'''
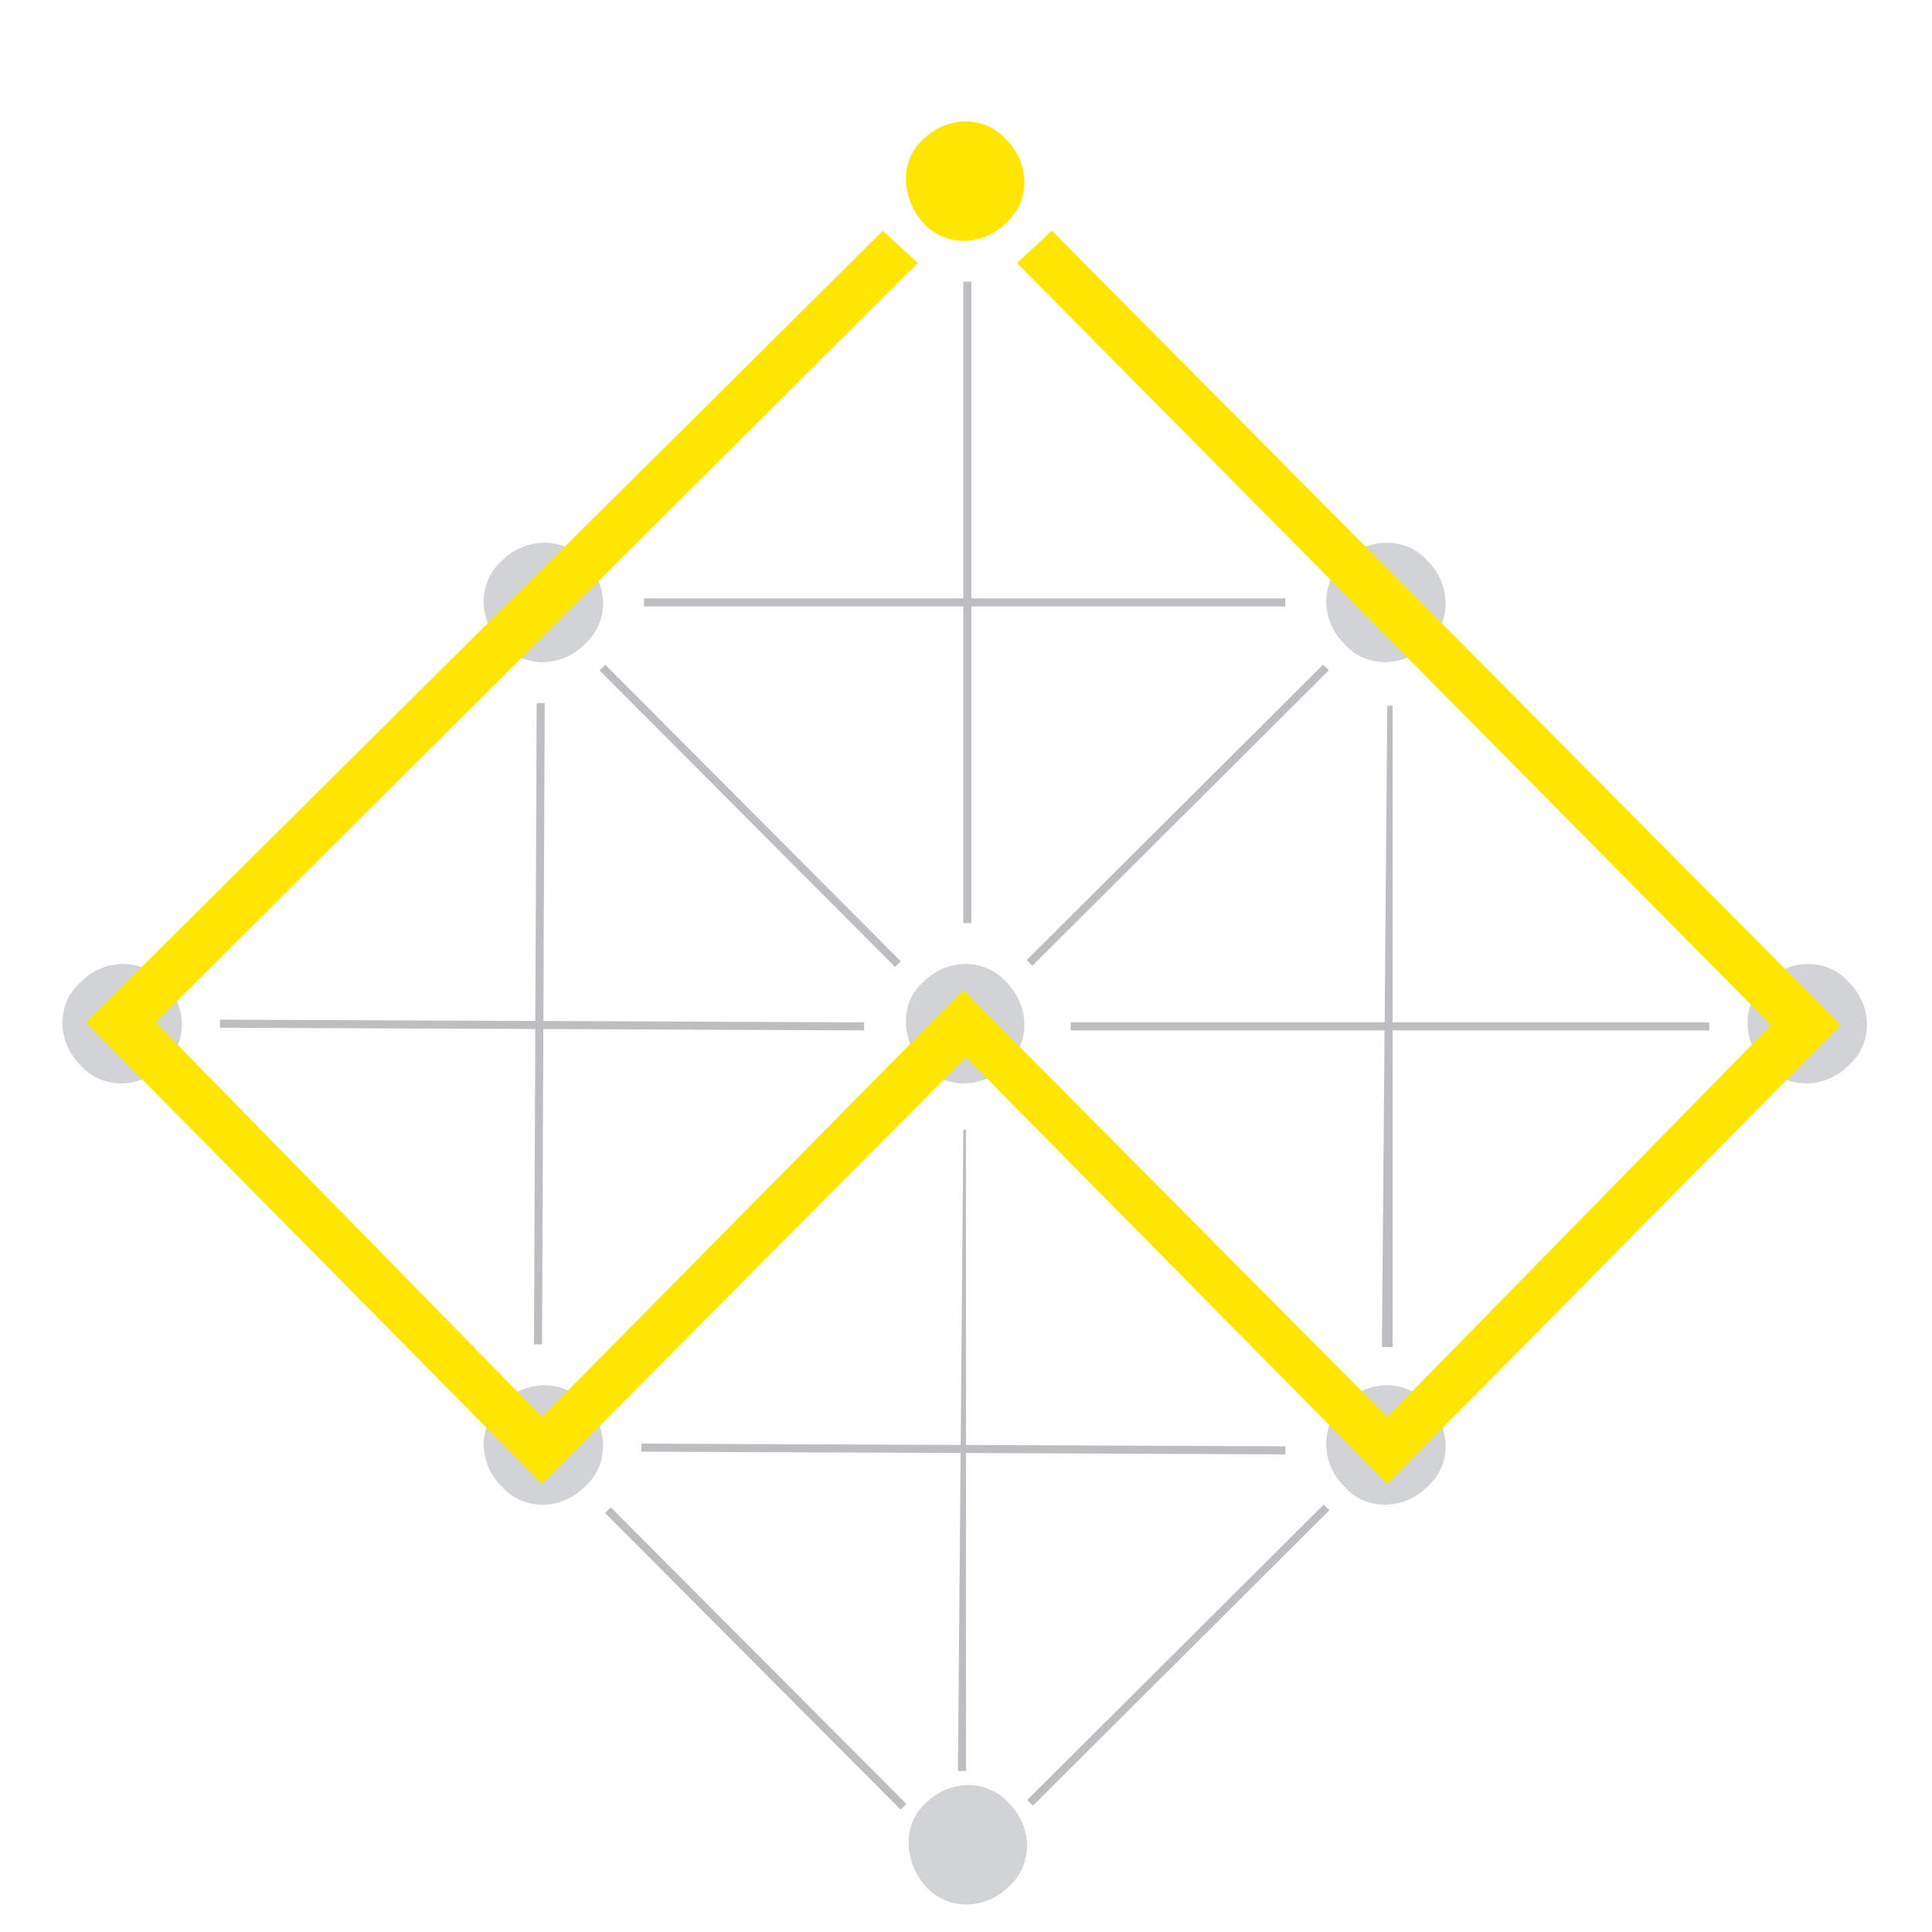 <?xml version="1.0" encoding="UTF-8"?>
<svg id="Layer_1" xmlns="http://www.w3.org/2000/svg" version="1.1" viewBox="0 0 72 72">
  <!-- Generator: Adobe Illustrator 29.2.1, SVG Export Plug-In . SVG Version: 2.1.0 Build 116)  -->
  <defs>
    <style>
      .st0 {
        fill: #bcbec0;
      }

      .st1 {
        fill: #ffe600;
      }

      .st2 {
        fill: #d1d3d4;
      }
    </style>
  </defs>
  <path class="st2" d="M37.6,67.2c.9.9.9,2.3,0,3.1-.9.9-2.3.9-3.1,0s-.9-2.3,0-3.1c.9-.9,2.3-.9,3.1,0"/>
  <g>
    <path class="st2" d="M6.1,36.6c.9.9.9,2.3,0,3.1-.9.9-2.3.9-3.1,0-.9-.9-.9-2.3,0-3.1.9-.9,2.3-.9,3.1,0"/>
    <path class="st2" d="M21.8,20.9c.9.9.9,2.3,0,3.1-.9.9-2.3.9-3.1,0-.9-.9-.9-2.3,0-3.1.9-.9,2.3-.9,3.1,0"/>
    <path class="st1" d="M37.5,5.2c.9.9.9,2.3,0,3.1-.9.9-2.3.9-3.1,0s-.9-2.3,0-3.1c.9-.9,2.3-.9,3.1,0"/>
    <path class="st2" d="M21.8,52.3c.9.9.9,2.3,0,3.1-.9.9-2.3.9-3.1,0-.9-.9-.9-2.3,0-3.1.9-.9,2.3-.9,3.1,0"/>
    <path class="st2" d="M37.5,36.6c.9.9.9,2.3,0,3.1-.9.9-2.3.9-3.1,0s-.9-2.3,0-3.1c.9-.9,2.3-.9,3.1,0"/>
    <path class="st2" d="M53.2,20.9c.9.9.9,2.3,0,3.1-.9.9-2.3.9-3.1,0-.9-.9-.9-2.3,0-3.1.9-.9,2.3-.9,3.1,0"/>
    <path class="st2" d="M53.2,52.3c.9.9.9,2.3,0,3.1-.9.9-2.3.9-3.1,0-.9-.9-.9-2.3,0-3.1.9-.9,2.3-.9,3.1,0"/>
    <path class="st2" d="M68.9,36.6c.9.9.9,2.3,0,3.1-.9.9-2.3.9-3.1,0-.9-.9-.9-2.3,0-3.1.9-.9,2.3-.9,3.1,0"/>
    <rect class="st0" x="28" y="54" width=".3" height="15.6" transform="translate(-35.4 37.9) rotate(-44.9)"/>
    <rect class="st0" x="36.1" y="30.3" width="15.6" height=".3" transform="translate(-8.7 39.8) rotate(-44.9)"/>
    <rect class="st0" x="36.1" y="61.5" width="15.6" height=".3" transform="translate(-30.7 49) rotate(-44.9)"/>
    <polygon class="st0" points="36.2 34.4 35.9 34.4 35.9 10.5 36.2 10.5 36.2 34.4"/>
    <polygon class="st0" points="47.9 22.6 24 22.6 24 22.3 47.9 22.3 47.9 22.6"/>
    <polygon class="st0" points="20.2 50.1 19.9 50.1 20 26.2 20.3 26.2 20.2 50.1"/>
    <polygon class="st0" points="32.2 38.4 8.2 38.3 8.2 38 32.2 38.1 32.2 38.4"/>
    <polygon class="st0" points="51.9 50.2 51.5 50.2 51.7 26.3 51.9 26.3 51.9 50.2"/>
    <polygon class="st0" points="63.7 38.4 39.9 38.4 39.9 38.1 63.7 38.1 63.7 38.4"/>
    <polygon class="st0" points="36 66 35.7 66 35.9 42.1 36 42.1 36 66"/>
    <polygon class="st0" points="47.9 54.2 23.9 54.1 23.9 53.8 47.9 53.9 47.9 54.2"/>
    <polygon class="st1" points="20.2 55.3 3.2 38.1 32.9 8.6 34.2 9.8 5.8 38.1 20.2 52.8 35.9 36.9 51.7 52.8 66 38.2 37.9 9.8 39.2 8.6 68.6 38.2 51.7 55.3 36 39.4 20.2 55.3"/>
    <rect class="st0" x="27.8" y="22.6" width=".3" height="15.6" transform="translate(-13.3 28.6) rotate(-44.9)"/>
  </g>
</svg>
'''
● TASK STATEMENT
Working through the entries above, copy every line in which "rotate" is found.

● TASK OUTPUT
    <rect class="st0" x="28" y="54" width=".3" height="15.6" transform="translate(-35.4 37.9) rotate(-44.9)"/>
    <rect class="st0" x="36.1" y="30.3" width="15.6" height=".3" transform="translate(-8.7 39.8) rotate(-44.9)"/>
    <rect class="st0" x="36.1" y="61.5" width="15.6" height=".3" transform="translate(-30.7 49) rotate(-44.9)"/>
    <rect class="st0" x="27.8" y="22.6" width=".3" height="15.6" transform="translate(-13.3 28.6) rotate(-44.9)"/>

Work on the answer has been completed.